The Q-Q plot shows that the residuals are normally distributed, except for a couple of outliers. To assess the significance of these outliers, we perform a Shapiro-Wilk normality test.

residuals_data <- residuals(reg_sarma30_30)
shapiro_test_result <- shapiro.test(residuals_data)
shapiro_test_result$p.value

## [1] 0.1931939

We obtain a p-value of $0.1931$. Hence, we fail to reject the null hypothesis of normality for the residuals. Overall, our analysis confirms that the residuals are i.i.d. and normally distributed.

Now, let’s visualize the fitted values from the regression model with SARMA$(3,0)(3,0)_{12}$ errors.

fitted_values <- fitted(reg_sarma30_30)

plot(seattle_data$Date, seattle_data$logHousingPrice, type = "o", main = "Seattle Housing Prices with Fitted Values", xlab = "Year", ylab = "Price (in log scale)")

lines(seattle_data$Date, fitted_values, col = "red")

Thus, based on the overall model diagnostics, we conclude that the regression model with SARMA$(3,0)(3,0)_{12}$ adequately describes the data.

4 Final Model: Comparison of SARIMA and Regression with SARMA Errors

In the end, we have two models that describe Seattle’s housing prices well:

SARIMA$(2,1,0)(0,1,1)_{12}$
Regression model with SARMA$(3,0)(3,0)_{12}$ errors with the regression variable as time in months

These two models are incomparable by their AIC or likelihood values, as the likelihood calculations are incomparable due to the differenced versus the regressed nature of how we built up these models. However, comparing these models is also valuable for decision-making. For example, forecasting future house prices in Seattle is invaluable to real estate investors and the policymakers in the local government of Seattle.

In the analysis below, we demonstrate that the SARIMA$(2,1,0)(0,1,1)_{12}$ model is a better forecasting model when we have a limited amount of observations. In contrast, the regression model with SARMA$(3,0)(3,0)_{12}$ errors performs better when we have a larger number of observations. Specifically, we employ one-step-ahead cross-validation using the tsCV package.

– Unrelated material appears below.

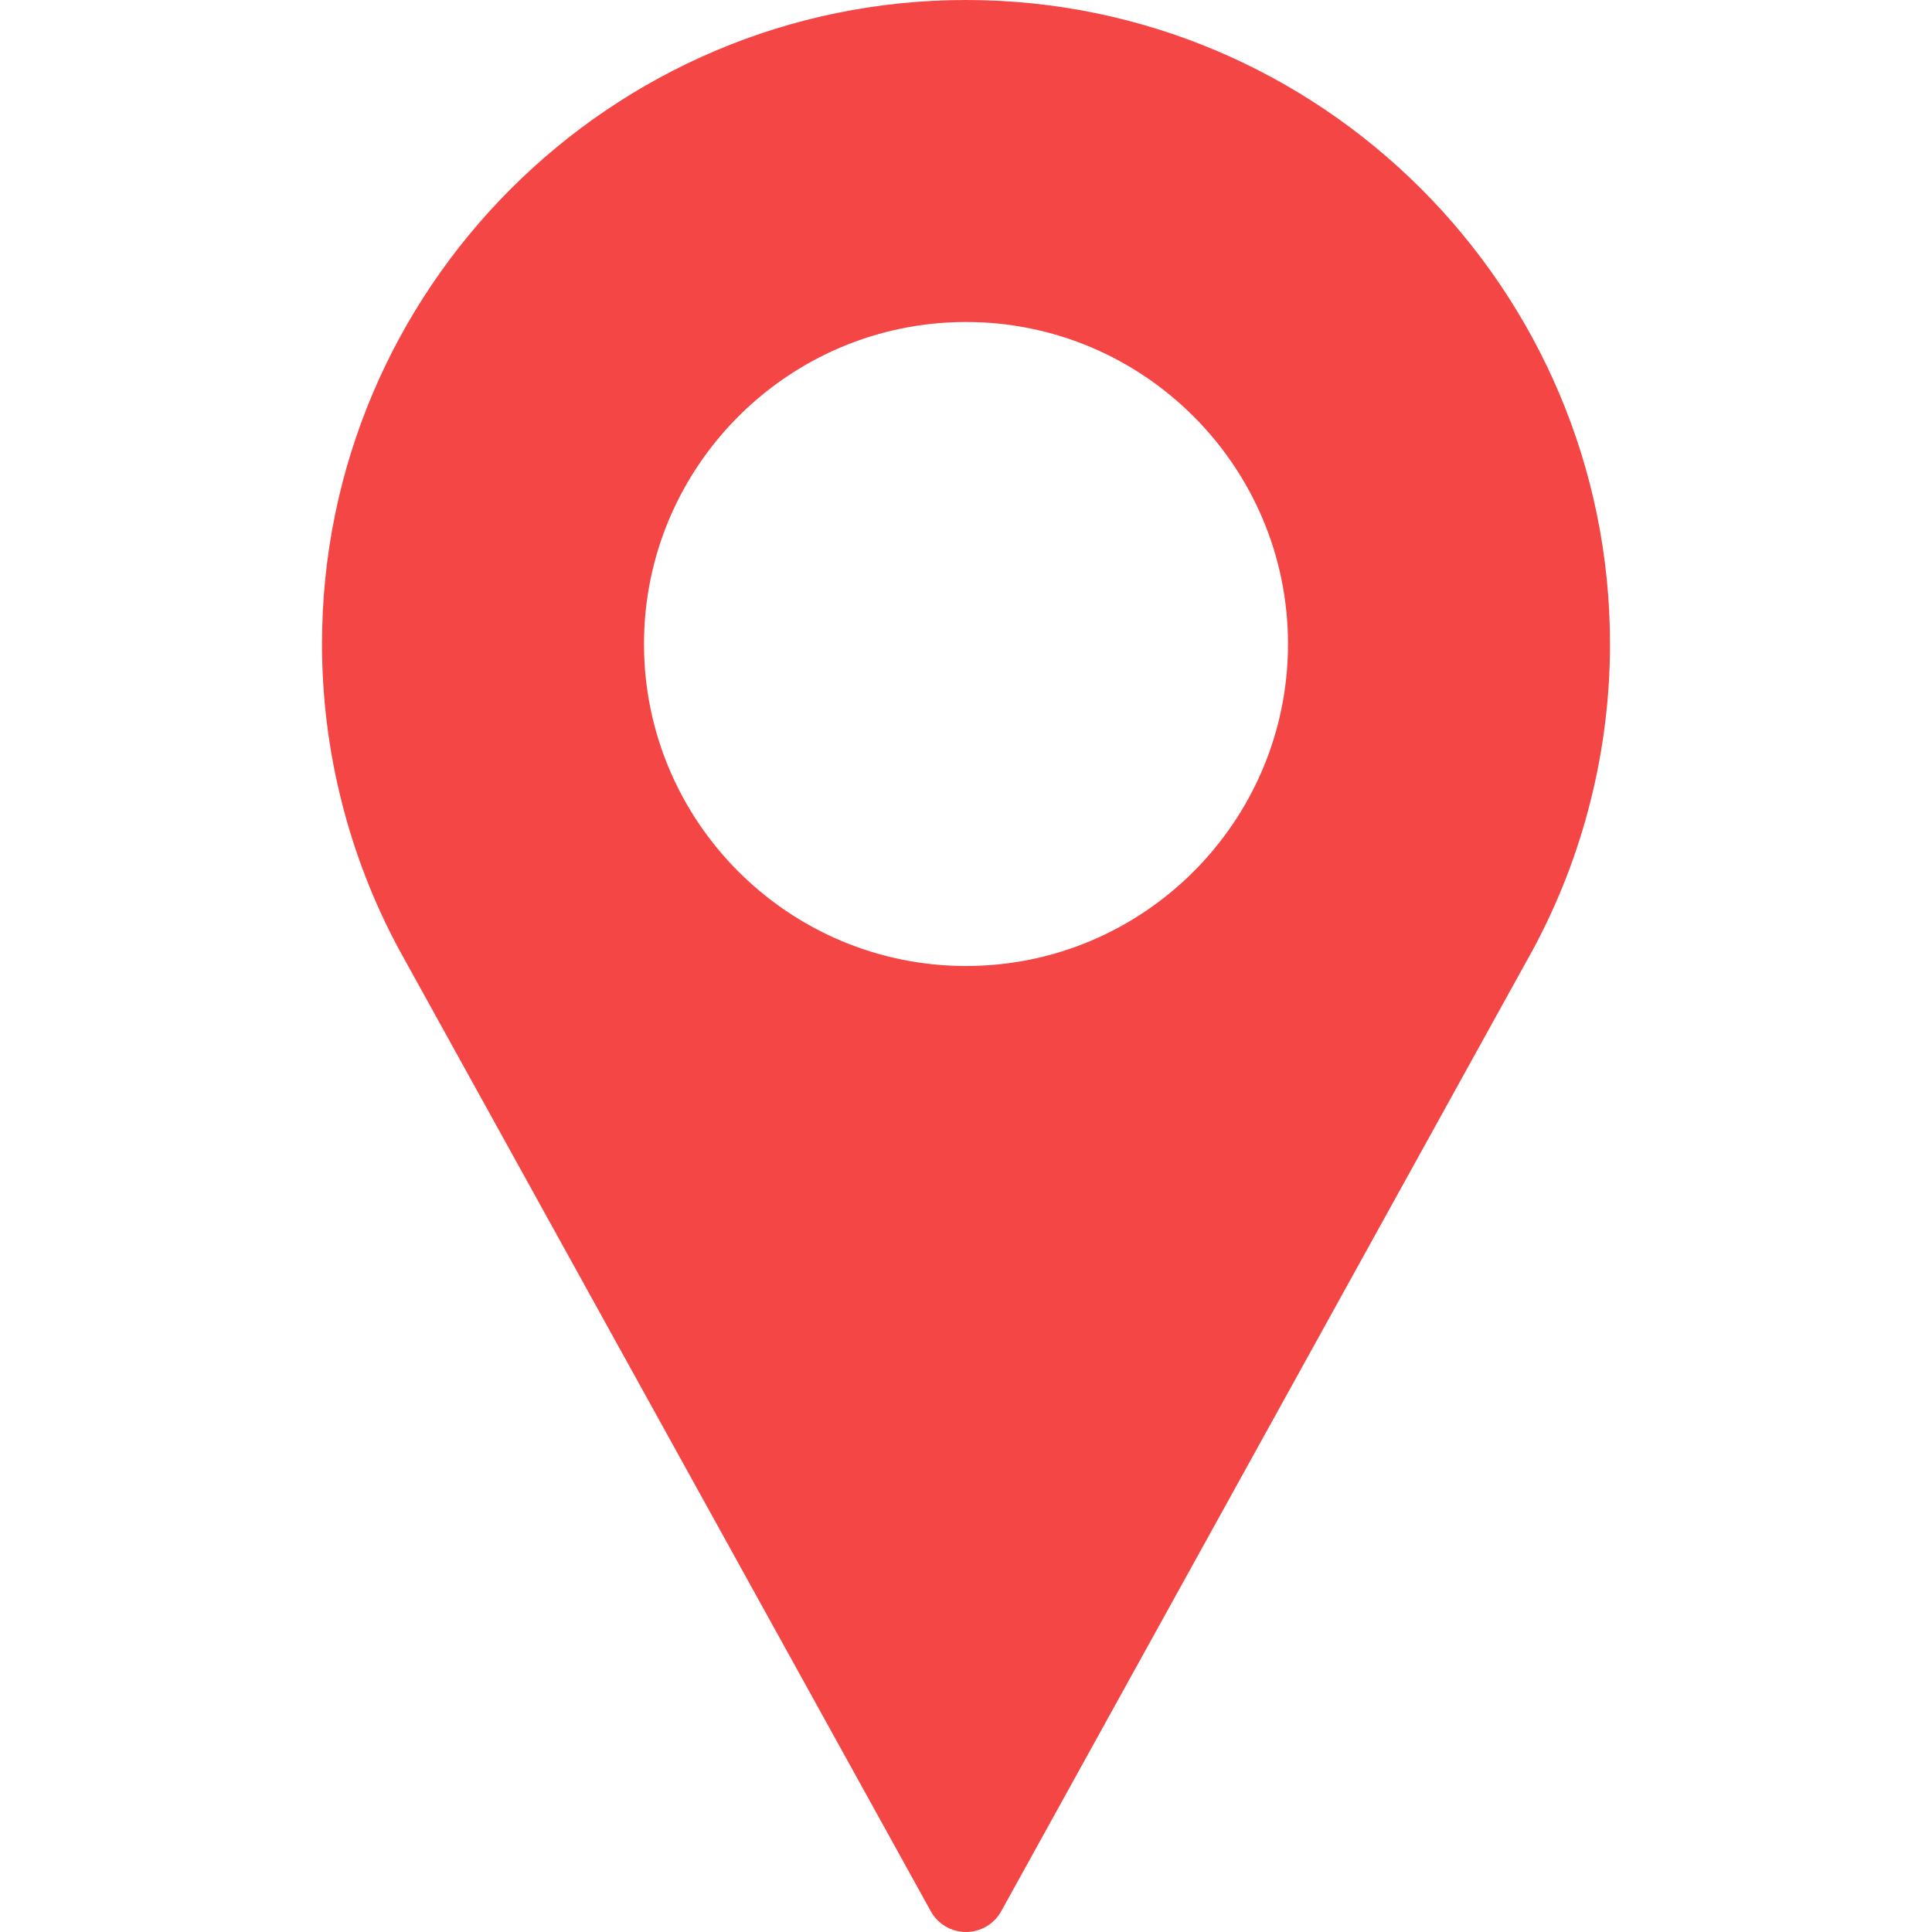 <?xml version="1.0" encoding="UTF-8"?> <svg xmlns="http://www.w3.org/2000/svg" width="512" height="512" viewBox="0 0 512 512" fill="none"> <path d="M256 0C161.896 0 85.333 76.563 85.333 170.667C85.333 198.917 92.396 226.927 105.823 251.771L246.667 506.5C248.542 509.896 252.115 512 256 512C259.885 512 263.458 509.896 265.333 506.5L406.229 251.687C419.604 226.927 426.667 198.916 426.667 170.666C426.667 76.563 350.104 0 256 0ZM256 256C208.948 256 170.667 217.719 170.667 170.667C170.667 123.615 208.948 85.334 256 85.334C303.052 85.334 341.333 123.615 341.333 170.667C341.333 217.719 303.052 256 256 256Z" fill="#F54646"></path> </svg>

The tsCV() function in the forecast package$^{[9]}$ implements rolling cross-validation for time series models. For each time step $t$ beyond the initial window, which we specify in the initialization, it fits the specified model to observations up to $t-1$ time step, generates an $h$-step forecast, measures the error against the actual value at time $t$, and thus produces a sequence of forecast errors, giving a realistic view of the out-of-sample performance of the model at various points in time.

In our case, the regression model with SARMA$(3,0)(3,0)_{12}$ errors has an SAR order of $3$ with a period of $12$, requiring at least $3 \times 12 = 36$ observations in the data for a sensible fit. In contrast, the SARIMA$(2,1,0)(0,1,1)_{12}$ model, having an MA order of $1$ and incorporating seasonal differencing, requires at least $24$ observations in the past. Overall, when we have more than $48$ observations, the regression model with SARMA$(3,0)(3,0)_{12}$ errors outperforms the SARIMA$(2,1,0)(0,1,1)_{12}$ model.

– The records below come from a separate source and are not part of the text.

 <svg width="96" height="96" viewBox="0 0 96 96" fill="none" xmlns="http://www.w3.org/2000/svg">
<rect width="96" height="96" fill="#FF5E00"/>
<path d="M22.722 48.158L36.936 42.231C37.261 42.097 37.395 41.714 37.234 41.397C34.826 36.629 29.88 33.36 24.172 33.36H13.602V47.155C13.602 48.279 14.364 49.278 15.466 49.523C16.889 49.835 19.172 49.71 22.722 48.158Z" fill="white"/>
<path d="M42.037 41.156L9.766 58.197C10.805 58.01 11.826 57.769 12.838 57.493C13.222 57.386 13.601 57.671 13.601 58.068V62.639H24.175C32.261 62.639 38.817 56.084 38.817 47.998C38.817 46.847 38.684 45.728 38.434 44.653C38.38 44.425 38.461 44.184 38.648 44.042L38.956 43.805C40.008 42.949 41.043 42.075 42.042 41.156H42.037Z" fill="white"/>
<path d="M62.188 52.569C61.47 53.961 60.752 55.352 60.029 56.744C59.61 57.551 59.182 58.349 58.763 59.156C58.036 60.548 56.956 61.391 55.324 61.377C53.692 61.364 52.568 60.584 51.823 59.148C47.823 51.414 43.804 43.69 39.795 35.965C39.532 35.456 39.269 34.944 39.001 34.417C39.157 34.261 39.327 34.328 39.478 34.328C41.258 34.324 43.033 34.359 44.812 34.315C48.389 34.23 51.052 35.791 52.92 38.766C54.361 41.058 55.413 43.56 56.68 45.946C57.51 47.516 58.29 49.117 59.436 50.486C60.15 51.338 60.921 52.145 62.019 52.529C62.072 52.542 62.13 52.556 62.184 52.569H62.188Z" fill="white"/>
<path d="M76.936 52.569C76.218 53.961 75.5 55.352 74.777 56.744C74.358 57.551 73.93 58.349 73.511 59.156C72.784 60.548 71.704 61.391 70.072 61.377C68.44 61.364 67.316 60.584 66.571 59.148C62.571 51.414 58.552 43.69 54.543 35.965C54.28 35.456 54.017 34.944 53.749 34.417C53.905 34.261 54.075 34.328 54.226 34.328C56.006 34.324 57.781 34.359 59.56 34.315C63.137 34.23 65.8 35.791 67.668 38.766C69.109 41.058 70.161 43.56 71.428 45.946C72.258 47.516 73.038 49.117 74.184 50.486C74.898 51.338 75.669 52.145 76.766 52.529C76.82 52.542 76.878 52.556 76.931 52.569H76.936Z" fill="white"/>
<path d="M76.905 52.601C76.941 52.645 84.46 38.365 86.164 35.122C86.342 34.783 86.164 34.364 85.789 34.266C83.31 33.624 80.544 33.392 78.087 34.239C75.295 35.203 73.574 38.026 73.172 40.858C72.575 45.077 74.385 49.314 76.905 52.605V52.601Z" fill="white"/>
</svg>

Below, we calculate the cross-validation scores with initial lengths of $\text{initial} \in \{24, 36, 48, 60\}$ and $h=1$. Note that, we employ a CPU level parallelization through foreach() and doParallel() functions as noted by$^{[2]}$. To debug the parallelized code, we used ChatGPT$^{[14]}$. In the end, unparallelized working code is written by us and we used ChatGPT to help us parallelize it.

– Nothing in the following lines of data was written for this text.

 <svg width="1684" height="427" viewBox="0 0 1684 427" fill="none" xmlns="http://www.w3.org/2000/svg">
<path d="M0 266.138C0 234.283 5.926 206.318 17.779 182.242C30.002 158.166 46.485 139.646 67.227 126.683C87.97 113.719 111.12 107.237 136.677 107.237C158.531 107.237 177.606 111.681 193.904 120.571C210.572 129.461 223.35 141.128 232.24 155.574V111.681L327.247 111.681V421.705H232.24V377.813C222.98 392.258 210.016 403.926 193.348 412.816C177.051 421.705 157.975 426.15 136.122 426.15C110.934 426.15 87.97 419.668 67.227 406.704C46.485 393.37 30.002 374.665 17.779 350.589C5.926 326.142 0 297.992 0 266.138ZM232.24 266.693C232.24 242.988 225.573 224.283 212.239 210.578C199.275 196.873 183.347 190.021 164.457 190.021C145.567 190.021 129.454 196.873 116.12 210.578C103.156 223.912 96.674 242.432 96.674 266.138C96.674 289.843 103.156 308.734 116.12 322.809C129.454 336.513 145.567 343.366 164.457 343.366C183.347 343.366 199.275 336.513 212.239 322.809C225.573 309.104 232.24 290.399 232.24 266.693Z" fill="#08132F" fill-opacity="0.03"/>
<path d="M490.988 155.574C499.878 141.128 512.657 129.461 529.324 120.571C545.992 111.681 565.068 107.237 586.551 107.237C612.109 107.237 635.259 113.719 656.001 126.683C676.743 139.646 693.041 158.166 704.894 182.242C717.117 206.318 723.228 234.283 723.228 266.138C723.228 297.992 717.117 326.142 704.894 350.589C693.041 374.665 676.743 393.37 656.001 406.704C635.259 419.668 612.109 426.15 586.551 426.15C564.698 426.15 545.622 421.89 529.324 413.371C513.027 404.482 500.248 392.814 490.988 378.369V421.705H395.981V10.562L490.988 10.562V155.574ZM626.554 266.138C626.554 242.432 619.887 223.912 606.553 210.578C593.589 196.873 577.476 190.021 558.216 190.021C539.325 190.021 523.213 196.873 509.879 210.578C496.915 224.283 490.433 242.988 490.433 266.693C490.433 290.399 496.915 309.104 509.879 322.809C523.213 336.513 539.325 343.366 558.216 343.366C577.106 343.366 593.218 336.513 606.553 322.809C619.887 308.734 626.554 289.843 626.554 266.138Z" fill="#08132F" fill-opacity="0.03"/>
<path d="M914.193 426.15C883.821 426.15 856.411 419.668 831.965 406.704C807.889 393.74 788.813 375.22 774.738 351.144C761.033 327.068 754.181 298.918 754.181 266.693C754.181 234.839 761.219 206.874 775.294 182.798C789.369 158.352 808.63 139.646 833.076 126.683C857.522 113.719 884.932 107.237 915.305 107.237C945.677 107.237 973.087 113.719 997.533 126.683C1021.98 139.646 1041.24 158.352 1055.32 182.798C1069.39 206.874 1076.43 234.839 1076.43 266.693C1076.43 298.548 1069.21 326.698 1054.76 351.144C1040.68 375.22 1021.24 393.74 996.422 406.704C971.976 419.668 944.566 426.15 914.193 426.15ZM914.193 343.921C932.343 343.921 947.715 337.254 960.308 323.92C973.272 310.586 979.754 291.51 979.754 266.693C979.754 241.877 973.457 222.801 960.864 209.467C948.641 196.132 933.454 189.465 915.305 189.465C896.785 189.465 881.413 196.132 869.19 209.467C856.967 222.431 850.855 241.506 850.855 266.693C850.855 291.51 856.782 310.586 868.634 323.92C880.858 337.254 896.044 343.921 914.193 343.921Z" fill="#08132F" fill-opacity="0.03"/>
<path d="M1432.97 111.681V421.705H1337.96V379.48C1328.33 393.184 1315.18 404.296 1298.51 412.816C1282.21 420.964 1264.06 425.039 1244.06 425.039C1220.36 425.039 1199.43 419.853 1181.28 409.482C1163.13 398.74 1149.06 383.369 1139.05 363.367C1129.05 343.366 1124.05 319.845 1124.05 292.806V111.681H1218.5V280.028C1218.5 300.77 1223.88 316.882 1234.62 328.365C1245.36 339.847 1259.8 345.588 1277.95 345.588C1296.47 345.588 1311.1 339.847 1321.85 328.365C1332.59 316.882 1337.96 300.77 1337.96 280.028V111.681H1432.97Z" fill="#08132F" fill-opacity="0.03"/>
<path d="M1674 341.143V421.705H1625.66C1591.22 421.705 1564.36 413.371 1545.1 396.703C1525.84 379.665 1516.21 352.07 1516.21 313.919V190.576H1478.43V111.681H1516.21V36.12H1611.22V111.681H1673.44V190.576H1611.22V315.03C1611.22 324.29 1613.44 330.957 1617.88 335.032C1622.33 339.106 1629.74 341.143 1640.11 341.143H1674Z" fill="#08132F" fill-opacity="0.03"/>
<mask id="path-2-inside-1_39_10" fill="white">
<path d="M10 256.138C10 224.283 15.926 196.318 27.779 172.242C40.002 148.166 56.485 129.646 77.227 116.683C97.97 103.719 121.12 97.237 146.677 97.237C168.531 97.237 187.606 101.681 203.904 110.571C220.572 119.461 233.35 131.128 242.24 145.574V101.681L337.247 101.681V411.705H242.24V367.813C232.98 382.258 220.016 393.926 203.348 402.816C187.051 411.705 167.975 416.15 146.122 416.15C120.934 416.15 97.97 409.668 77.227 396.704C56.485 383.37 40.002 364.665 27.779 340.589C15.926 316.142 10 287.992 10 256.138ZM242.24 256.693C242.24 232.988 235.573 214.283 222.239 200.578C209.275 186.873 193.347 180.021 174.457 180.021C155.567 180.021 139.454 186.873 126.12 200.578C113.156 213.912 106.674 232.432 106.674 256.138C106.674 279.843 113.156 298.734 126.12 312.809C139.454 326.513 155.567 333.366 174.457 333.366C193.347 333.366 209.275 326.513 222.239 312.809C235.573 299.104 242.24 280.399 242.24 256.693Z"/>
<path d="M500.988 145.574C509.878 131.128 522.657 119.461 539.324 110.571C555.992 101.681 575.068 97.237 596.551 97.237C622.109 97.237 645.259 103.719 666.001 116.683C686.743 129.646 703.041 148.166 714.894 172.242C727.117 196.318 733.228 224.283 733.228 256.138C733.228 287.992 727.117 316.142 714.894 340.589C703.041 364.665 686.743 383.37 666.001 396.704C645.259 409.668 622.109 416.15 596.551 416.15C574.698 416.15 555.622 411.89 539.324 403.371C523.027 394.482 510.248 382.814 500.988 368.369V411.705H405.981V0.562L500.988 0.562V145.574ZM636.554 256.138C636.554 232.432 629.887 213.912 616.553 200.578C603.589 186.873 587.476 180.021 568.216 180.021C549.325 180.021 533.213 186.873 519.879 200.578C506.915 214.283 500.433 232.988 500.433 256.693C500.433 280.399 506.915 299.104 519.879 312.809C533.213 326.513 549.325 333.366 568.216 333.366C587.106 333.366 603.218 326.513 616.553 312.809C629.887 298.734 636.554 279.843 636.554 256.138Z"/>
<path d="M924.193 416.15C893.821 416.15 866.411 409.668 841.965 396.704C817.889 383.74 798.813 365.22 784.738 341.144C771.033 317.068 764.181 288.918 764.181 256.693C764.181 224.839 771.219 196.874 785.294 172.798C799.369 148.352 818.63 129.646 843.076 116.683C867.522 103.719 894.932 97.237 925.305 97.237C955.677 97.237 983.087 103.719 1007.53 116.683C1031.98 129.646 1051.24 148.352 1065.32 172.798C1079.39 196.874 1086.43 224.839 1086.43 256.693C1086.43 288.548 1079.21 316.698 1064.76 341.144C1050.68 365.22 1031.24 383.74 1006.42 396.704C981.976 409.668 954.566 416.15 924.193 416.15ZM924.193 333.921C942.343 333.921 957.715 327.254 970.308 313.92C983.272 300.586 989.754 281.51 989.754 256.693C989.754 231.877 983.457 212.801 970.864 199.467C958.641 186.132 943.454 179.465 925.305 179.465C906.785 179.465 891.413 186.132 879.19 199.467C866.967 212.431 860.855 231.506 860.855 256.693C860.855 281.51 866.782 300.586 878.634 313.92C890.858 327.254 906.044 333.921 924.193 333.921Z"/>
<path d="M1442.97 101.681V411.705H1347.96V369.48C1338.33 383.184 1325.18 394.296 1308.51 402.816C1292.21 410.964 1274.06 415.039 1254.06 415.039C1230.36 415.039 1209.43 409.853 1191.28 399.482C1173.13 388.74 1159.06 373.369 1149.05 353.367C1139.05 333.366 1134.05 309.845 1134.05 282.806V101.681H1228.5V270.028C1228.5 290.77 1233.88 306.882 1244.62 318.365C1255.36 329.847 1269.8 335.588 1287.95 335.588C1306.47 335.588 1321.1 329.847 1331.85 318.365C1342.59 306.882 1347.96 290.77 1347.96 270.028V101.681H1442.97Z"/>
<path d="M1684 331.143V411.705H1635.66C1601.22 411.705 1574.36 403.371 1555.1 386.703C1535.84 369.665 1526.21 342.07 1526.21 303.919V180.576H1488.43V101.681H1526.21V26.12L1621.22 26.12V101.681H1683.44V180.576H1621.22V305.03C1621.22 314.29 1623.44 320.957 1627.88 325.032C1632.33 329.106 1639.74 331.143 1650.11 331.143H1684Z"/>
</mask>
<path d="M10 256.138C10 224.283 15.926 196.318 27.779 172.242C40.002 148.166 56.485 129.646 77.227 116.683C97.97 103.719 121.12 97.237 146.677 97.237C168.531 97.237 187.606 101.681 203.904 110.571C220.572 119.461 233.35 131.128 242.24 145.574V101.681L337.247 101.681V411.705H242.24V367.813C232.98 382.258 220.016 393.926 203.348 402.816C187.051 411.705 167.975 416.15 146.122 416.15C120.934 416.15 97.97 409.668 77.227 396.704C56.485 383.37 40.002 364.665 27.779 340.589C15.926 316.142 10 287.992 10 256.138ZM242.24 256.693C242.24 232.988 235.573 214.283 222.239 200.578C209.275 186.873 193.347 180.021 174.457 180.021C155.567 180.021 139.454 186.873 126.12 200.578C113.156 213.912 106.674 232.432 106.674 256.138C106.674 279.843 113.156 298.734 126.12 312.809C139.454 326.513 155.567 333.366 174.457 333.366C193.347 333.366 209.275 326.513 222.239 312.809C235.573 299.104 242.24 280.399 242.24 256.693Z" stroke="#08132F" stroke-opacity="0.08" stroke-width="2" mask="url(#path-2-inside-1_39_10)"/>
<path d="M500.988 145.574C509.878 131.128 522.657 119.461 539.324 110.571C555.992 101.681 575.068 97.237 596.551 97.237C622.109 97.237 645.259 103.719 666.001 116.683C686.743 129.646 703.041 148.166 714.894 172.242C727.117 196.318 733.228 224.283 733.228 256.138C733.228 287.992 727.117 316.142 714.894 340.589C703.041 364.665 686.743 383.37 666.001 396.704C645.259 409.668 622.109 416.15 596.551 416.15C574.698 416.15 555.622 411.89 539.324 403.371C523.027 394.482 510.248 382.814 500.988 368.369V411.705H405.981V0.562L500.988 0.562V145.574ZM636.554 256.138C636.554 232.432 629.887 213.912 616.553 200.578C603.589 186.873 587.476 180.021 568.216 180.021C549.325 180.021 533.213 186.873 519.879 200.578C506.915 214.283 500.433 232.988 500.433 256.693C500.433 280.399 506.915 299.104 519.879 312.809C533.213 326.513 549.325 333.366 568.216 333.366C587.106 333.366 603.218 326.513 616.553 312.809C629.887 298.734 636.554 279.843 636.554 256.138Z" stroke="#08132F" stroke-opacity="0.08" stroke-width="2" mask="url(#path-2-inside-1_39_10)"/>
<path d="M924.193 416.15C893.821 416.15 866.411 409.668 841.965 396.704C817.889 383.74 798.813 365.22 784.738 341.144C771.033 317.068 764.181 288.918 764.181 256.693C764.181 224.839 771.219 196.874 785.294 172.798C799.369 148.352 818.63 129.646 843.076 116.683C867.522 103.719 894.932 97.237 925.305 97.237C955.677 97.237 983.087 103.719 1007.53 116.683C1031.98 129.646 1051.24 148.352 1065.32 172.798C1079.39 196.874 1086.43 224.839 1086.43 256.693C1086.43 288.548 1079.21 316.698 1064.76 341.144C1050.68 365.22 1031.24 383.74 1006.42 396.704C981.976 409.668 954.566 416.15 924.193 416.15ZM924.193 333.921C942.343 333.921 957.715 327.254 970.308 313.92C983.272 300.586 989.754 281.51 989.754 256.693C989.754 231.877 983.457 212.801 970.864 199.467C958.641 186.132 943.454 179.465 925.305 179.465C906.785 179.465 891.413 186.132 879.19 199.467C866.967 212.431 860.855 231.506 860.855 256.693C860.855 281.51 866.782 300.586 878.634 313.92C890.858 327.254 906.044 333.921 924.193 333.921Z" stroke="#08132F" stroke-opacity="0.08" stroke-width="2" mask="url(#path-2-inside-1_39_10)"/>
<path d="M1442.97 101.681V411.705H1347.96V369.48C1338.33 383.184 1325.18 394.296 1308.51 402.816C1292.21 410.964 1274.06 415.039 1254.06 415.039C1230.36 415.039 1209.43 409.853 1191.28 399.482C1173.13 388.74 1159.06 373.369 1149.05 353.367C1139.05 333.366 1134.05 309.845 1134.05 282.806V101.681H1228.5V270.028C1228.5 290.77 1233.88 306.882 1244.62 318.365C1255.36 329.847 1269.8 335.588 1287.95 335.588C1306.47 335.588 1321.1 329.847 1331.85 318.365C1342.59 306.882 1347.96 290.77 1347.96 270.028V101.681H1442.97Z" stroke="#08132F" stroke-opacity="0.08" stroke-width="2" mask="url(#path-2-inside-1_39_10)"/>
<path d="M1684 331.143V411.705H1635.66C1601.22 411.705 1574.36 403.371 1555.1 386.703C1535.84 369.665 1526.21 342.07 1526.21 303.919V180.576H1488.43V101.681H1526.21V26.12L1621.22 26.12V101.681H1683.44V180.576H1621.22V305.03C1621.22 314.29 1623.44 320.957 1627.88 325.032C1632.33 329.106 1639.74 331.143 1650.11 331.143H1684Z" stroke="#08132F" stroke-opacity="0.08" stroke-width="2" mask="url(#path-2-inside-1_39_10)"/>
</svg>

y <- seattle_data$logHousingPrice
time <- seq_along(seattle_data$logHousingPrice)

sarma_reg_forecast <- function(x, h, xreg, newxreg) {
  forecast(
    Arima(x, order=c(3,0,0), seasonal=list(order=c(3,0,0), period=12), xreg=xreg),
    xreg=newxreg
  )
}

sarimafit_forecast <- function(x, h){
  forecast(
    Arima(x, order=c(2,1,0), seasonal=list(order=c(0,1,1), period=12)),
    h=h
  )
}

# We will run the cross-validation for different initial sizes
initial_values <- c(24, 36, 48, 60)

# Detecting number of cores available
num_cores <- parallel::detectCores(logical = TRUE) - 1   

# Creating and registering parallel cluster
cl <- makeCluster(num_cores)
registerDoParallel(cl)

results <- foreach(init = initial_values, .combine = rbind, .packages = c("forecast")) %dopar% {
  
  cv_errors_sarma_reg <- tsCV(y, sarma_reg_forecast, h = 1, xreg = time, initial = init)
  cv_errors_sarimafit <- tsCV(y, sarimafit_forecast, h = 1, initial = init)
  
  rmse_sarma_reg <- sqrt(mean(cv_errors_sarma_reg^2, na.rm = TRUE))
  rmse_sarimafit <- sqrt(mean(cv_errors_sarimafit^2, na.rm = TRUE))
  mae_sarma_reg  <- mean(abs(cv_errors_sarma_reg), na.rm = TRUE)
  mae_sarimafit  <- mean(abs(cv_errors_sarimafit), na.rm = TRUE)
  
  data.frame(
    initial = init,
    RMSE_SARMAReg = rmse_sarma_reg,
    RMSE_SARIMA   = rmse_sarimafit,
    MAE_SARMAReg  = mae_sarma_reg,
    MAE_SARIMA    = mae_sarimafit
  )
}

stopCluster(cl)

results_long <- pivot_longer(results, cols = -initial, names_to = "MetricModel", values_to = "Value")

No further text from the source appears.